Top of DATA SUPPLIED

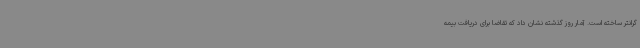
گرانتر ساخته است. آمار روز گذشته نشان داد که تقاضا برای دریافت بیمه
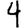
Digit: 4
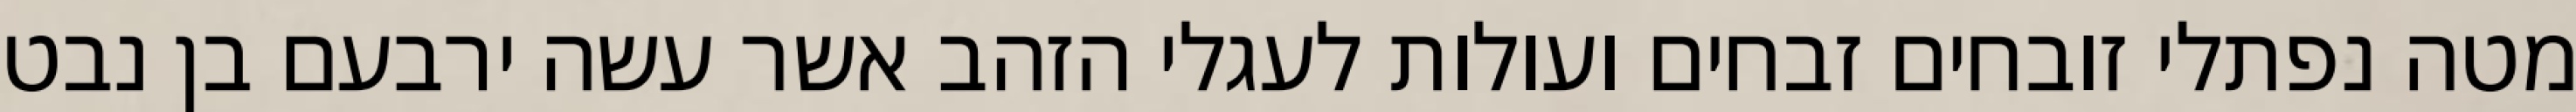
מטה נפתלי זובחים זבחים ועולות לעגלי הזהב אשר עשה ירבעם בן נבט
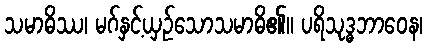
သမာဓိဿ၊ မဂ်နှင့်ယှဉ်သောသမာဓိ၏။ ပရိသုဒ္ဓဘာဝေန၊
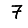
Digit: 7
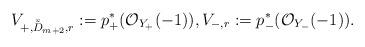
LaTeX: \begin{align*}V_{+,\bar{\tilde D}_{m+2},r}:=p^*_+(\mathcal O_{Y_+}(-1)), V_{-,r}:=p^*_-(\mathcal O_{Y_-}(-1)).\end{align*}
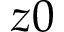
z 0
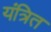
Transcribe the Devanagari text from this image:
यंत्रित
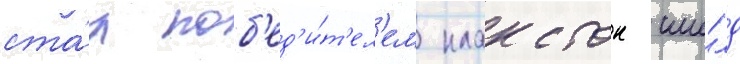
ста́л поб'ед'и́т'ел'ем клакстон ши́лд
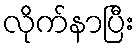
လိုက်နာပြီး
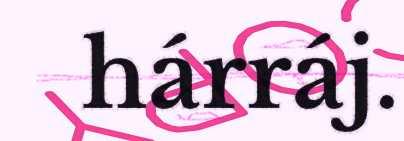
hárráj.
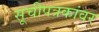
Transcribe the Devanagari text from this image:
सूचीपत्रकांवर
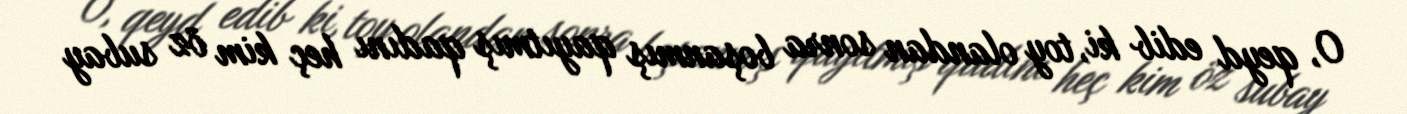
O, qeyd edib ki, toy olandan sonra boşanmış qayıtmış qadını heç kim öz subay
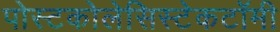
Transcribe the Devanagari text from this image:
पोस्टकोलेसिस्टेकटॉमी
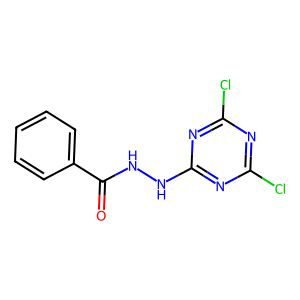
SMILES: O=C(NNc1nc(Cl)nc(Cl)n1)c1ccccc1
Inhibits HIV replication: No
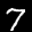
Label: 7
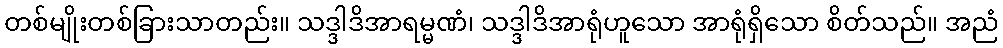
တစ်မျိုးတစ်ခြားသာတည်း။ သဒ္ဒါဒိအာရမ္မဏံ၊ သဒ္ဒါဒိအာရုံဟူသော အာရုံရှိသော စိတ်သည်။ အညံ
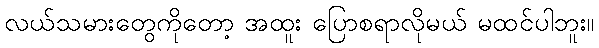
လယ်သမားတွေကိုတော့ အထူး ပြောစရာလိုမယ် မထင်ပါဘူး။
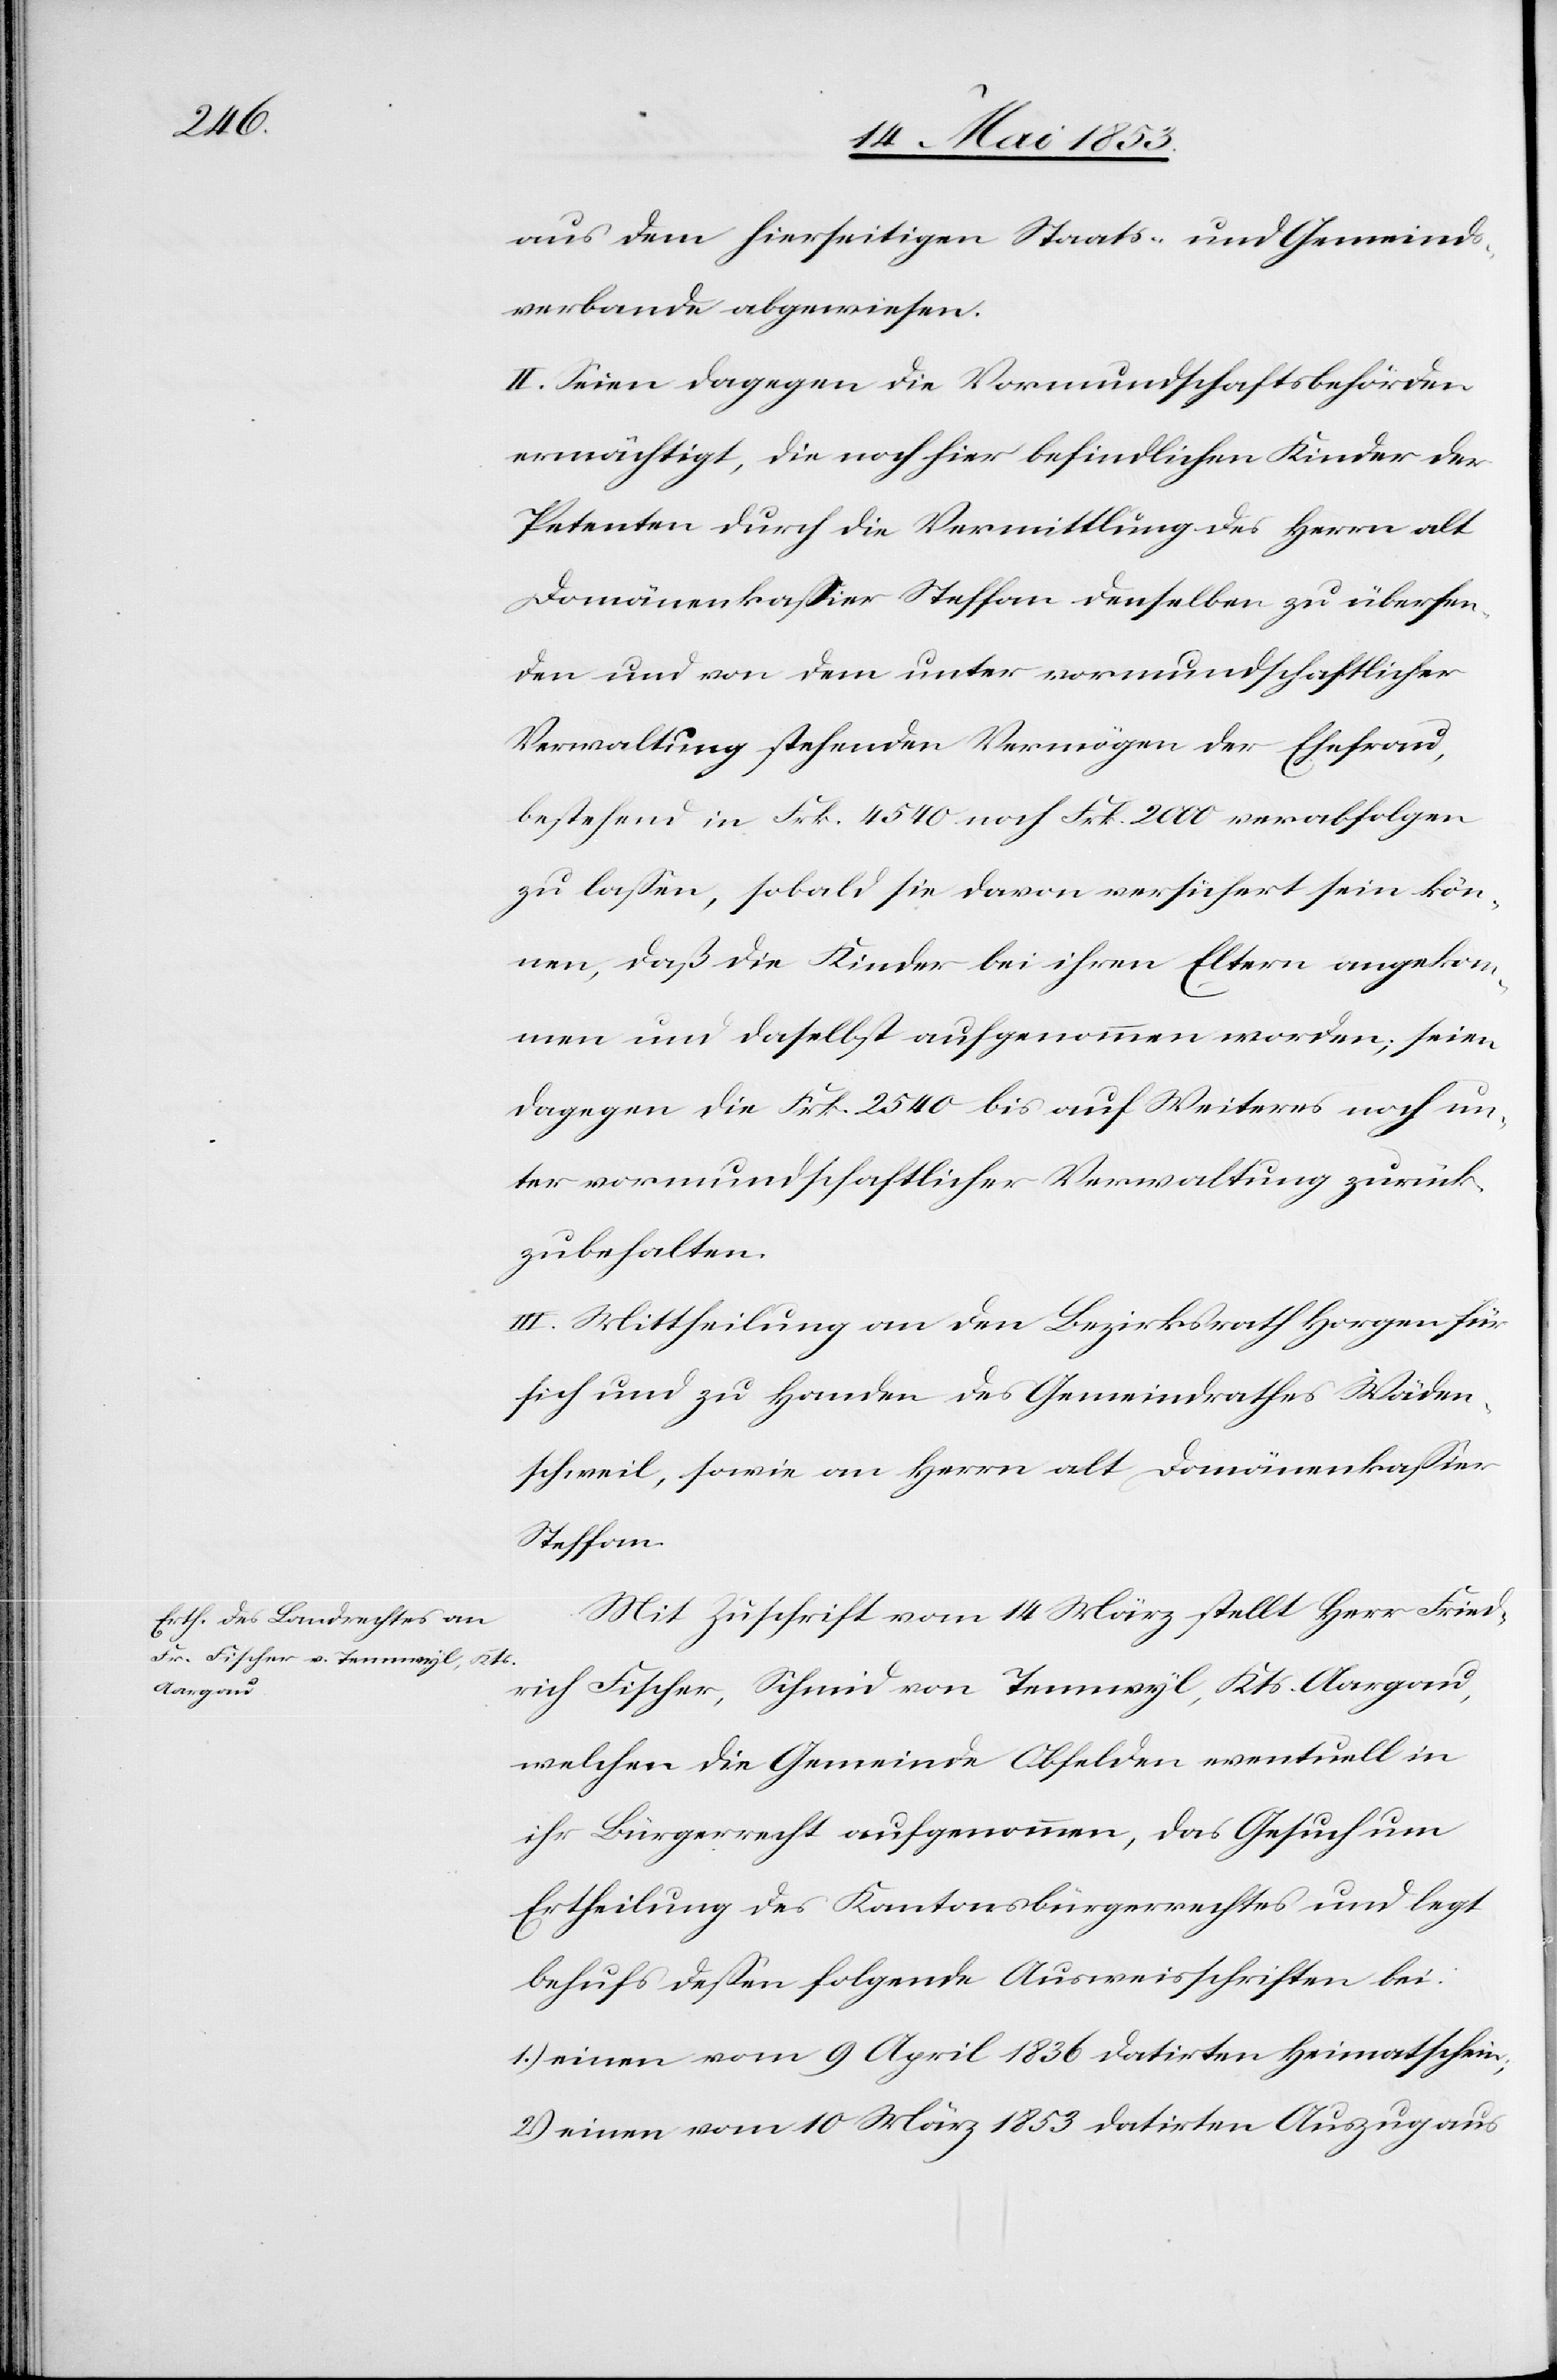
aus dem hierseitigen Staats- und Gemeinds¬
verbande abgewiesen.
II. Seien dagegen die Vormundschaftsbehörden
ermächtigt, die noch hier befindlichen Kinder der
Petenten durch die Vermittlung des Herrn alt
Domänenkaßier Steffan denselben zu übersen¬
den und von dem unter vormundschaftlicher
Verwaltung stehenden Vermögen der Ehefrau,
bestehend in Frk. 4540 noch Frk. 2000 verabfolgen
zu laßen, sobald sie davon versichert sein kön¬
nen, daß die Kinder bei ihren Eltern angekom¬
men und daselbst aufgenommen worden, seien
dagegen die Frk. 2540 bis auf Weiteres noch un¬
ter vormundschaftlicher Verwaltung zurück¬
zubehalten.
III. Mittheilung an den Bezirksrath Horgen für
sich und zu Handen des Gemeindrathes Wäden¬
schweil, sowie an Herrn alt Domänenkaßier
Steffan.
Mit Zuschrift vom 14 März stellt Herr Fried¬
rich Fischer, Schmid in Tennwyl, Kts. Aargau,
welchen die Gemeinde Obfelden eventuell in
ihr Bürgerrecht aufgenommen, das Gesuch um
Ertheilung des Kantonsbürgerrechtes und legt
behufs deßen folgende Ausweisschriften bei:
1.) einen vom 9 April 1836 datirten Heimatschein;
2) einen vom 10 März 1853 datirten Auszug aus

Bottom of DATA SUPPLIED

◆ **WORK ITEM**: What number of lines in the records hold "März"? Reply with that number alone.

◆ **ANSWER SECTION**: 2